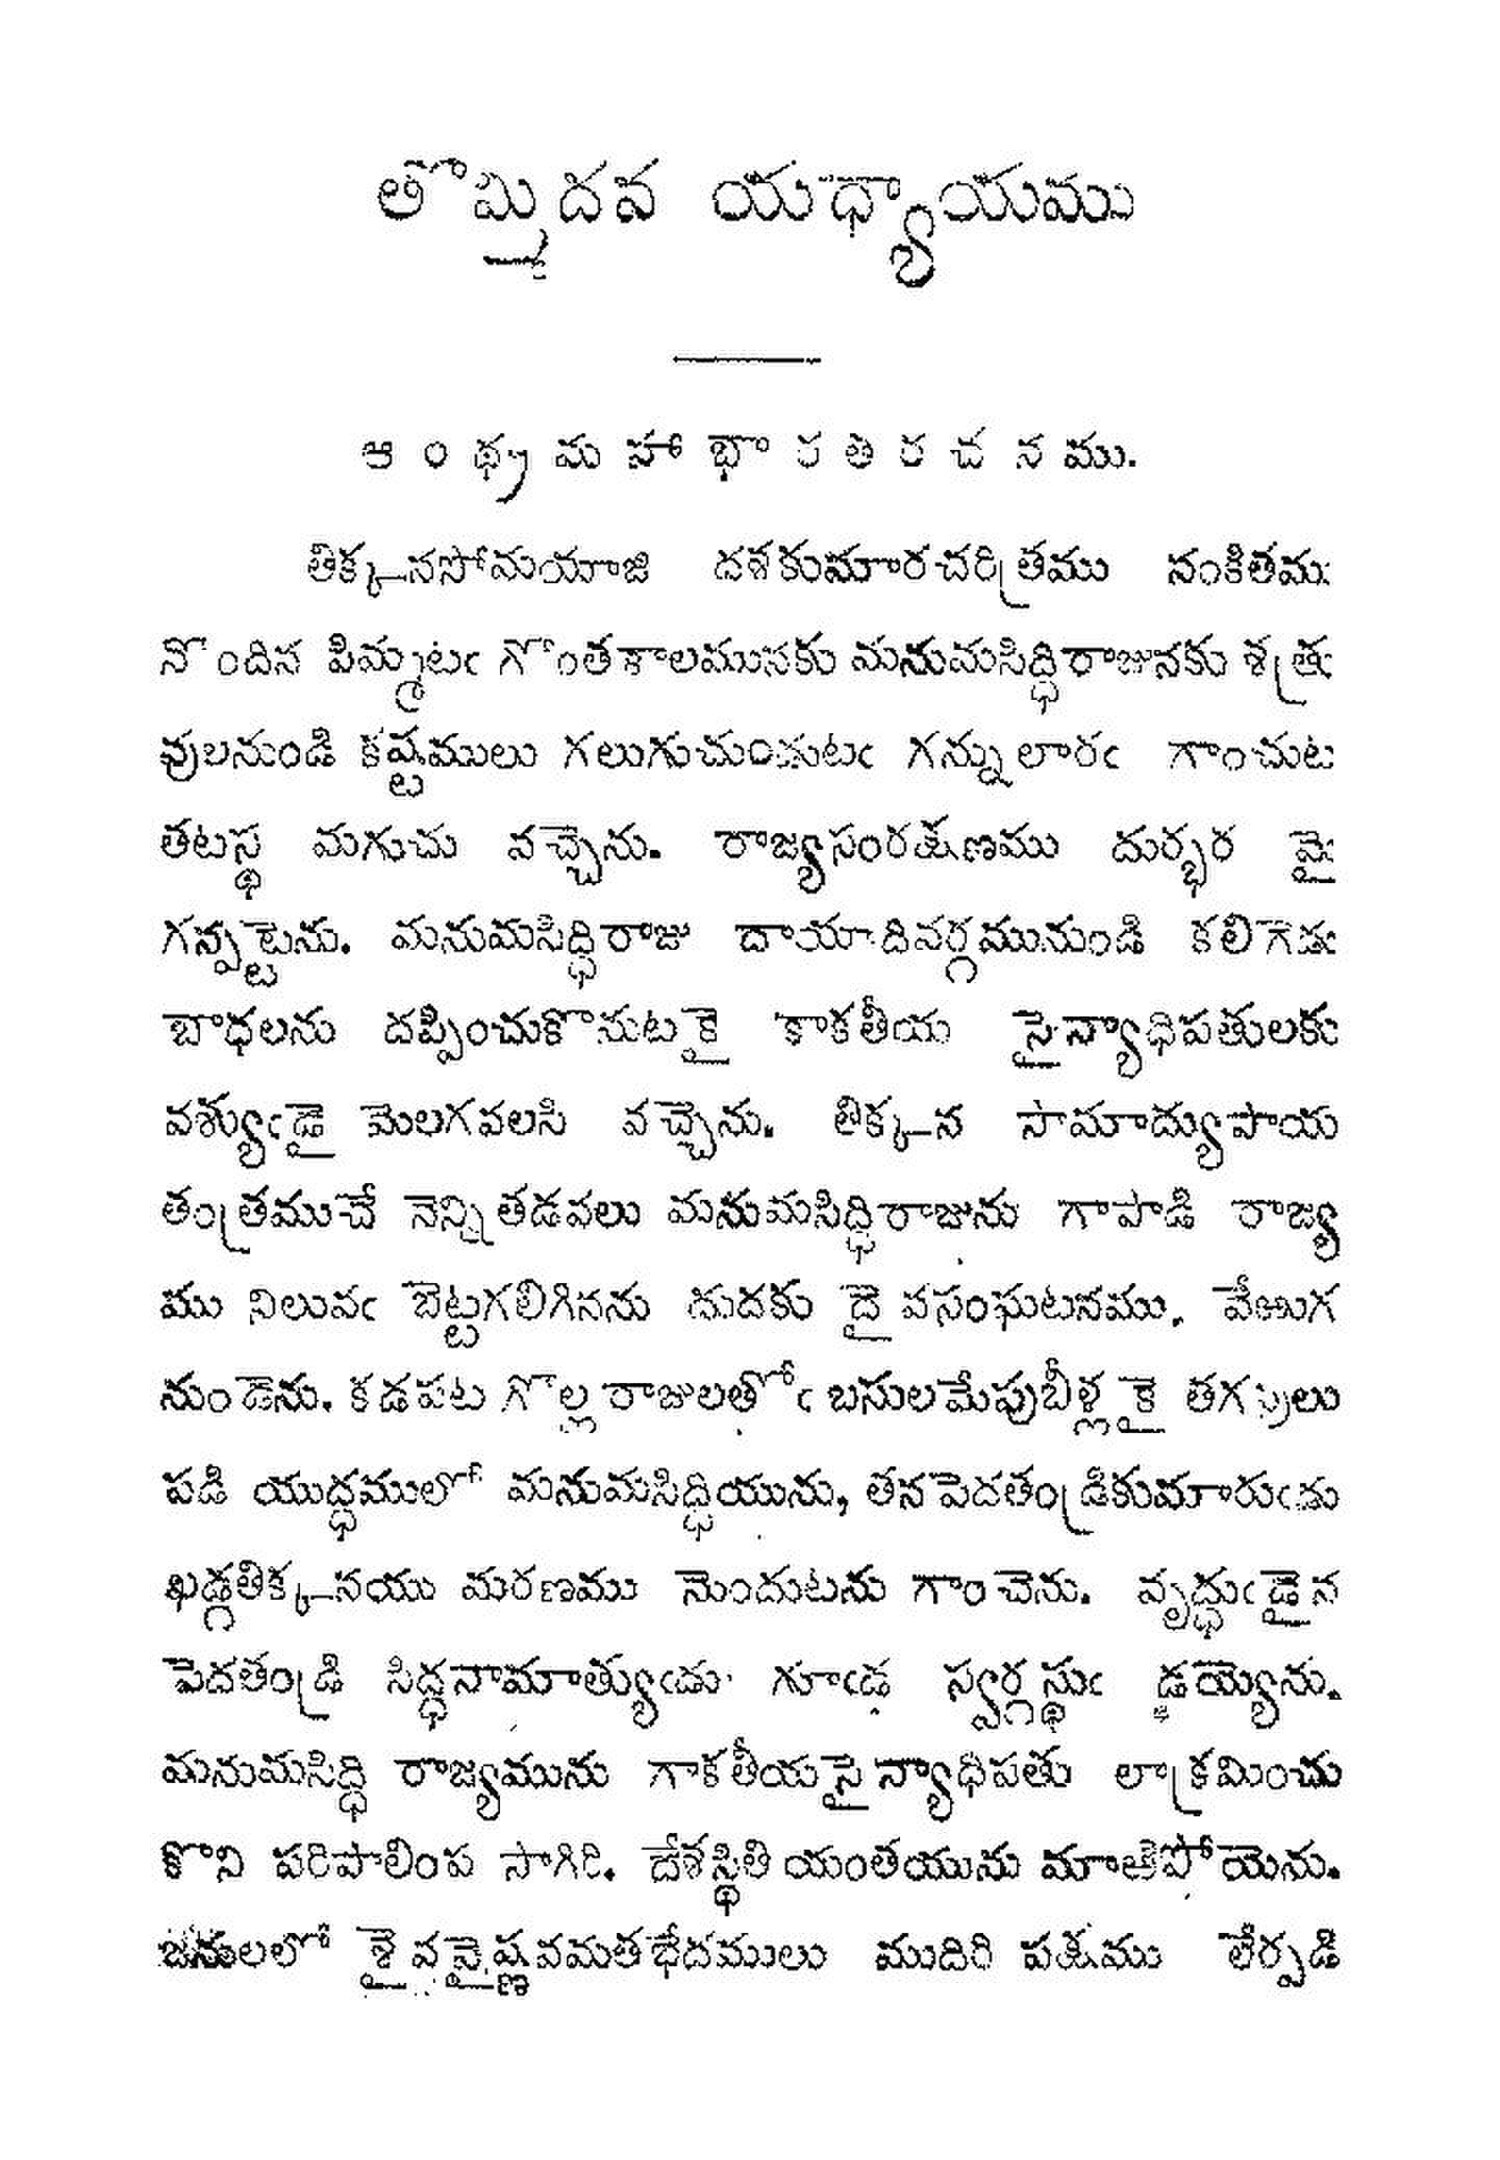తొమ్మిదవ యధ్యాయము
ఆంధ్రమహాభారతరచనము. 

తిక్కనసోమయాజి దశకుమారచరిత్రము నంకితము నొందిన పిమ్మటఁ గొంతకాలముసకు మనుమసిద్ధిరాజునకు శత్రువులనుండి కష్టములు గలుగుచుండుటఁ గన్నులారఁ గాంచుట తటస్థ మగుచు వచ్చెను. రాజ్యసంరక్షణము దుర్భర మై గన్పట్టెను. మనుమసిద్ధిరాజు దాయాదివర్గమునుండి కలిగెడు బాధలను దప్పించుకొనుటకై కాకతీయ సైన్యాధిపతులకు వశ్యుఁడై మెలగవలసి వచ్చెను. తిక్కన సామాద్యుపాయ తంత్రముచే నెన్నితడవలు మనుమసిద్ధిరాజును గాపాడి రాజ్యము నిలువఁ బెట్టగలిగినను దుదకు దై వసంఘటనము, వేఱుగ నుండెను. కడపట గొల్లరాజులతోఁ బసులమేపుబీళ్ల కై తగవులు పడి యుద్ధములో మనుమసిద్ధియును, తనపెదతండ్రికుమారుఁడు ఖడ్గతిక్కనయు మరణము నొందుటను గాంచెను. వృద్ధుఁడైన పెదతండ్రి సిద్ధనామాత్యుడు గూఁఢ స్వర్గస్థుఁ డయ్యెను. మనుమసిద్ధి రాజ్యమును గాకతీయసైన్యాధిపతు లాక్రమించుకొని పరిపాలింప సాగిరి. దేశస్థితి యంతయును మాఱిపోయెను. జనులలో శైవవైష్ణవమతభేదములు ముదిరి పక్షము లేర్పడి

━━━━━━━━

Exercise objective ::
Return the lines above, starting at the one that contains "ఆంధ్రమహాభారతరచనము." and running through the last, exactly as they appear, with no extra lines.

Finished task ::
ఆంధ్రమహాభారతరచనము. 

తిక్కనసోమయాజి దశకుమారచరిత్రము నంకితము నొందిన పిమ్మటఁ గొంతకాలముసకు మనుమసిద్ధిరాజునకు శత్రువులనుండి కష్టములు గలుగుచుండుటఁ గన్నులారఁ గాంచుట తటస్థ మగుచు వచ్చెను. రాజ్యసంరక్షణము దుర్భర మై గన్పట్టెను. మనుమసిద్ధిరాజు దాయాదివర్గమునుండి కలిగెడు బాధలను దప్పించుకొనుటకై కాకతీయ సైన్యాధిపతులకు వశ్యుఁడై మెలగవలసి వచ్చెను. తిక్కన సామాద్యుపాయ తంత్రముచే నెన్నితడవలు మనుమసిద్ధిరాజును గాపాడి రాజ్యము నిలువఁ బెట్టగలిగినను దుదకు దై వసంఘటనము, వేఱుగ నుండెను. కడపట గొల్లరాజులతోఁ బసులమేపుబీళ్ల కై తగవులు పడి యుద్ధములో మనుమసిద్ధియును, తనపెదతండ్రికుమారుఁడు ఖడ్గతిక్కనయు మరణము నొందుటను గాంచెను. వృద్ధుఁడైన పెదతండ్రి సిద్ధనామాత్యుడు గూఁఢ స్వర్గస్థుఁ డయ్యెను. మనుమసిద్ధి రాజ్యమును గాకతీయసైన్యాధిపతు లాక్రమించుకొని పరిపాలింప సాగిరి. దేశస్థితి యంతయును మాఱిపోయెను. జనులలో శైవవైష్ణవమతభేదములు ముదిరి పక్షము లేర్పడి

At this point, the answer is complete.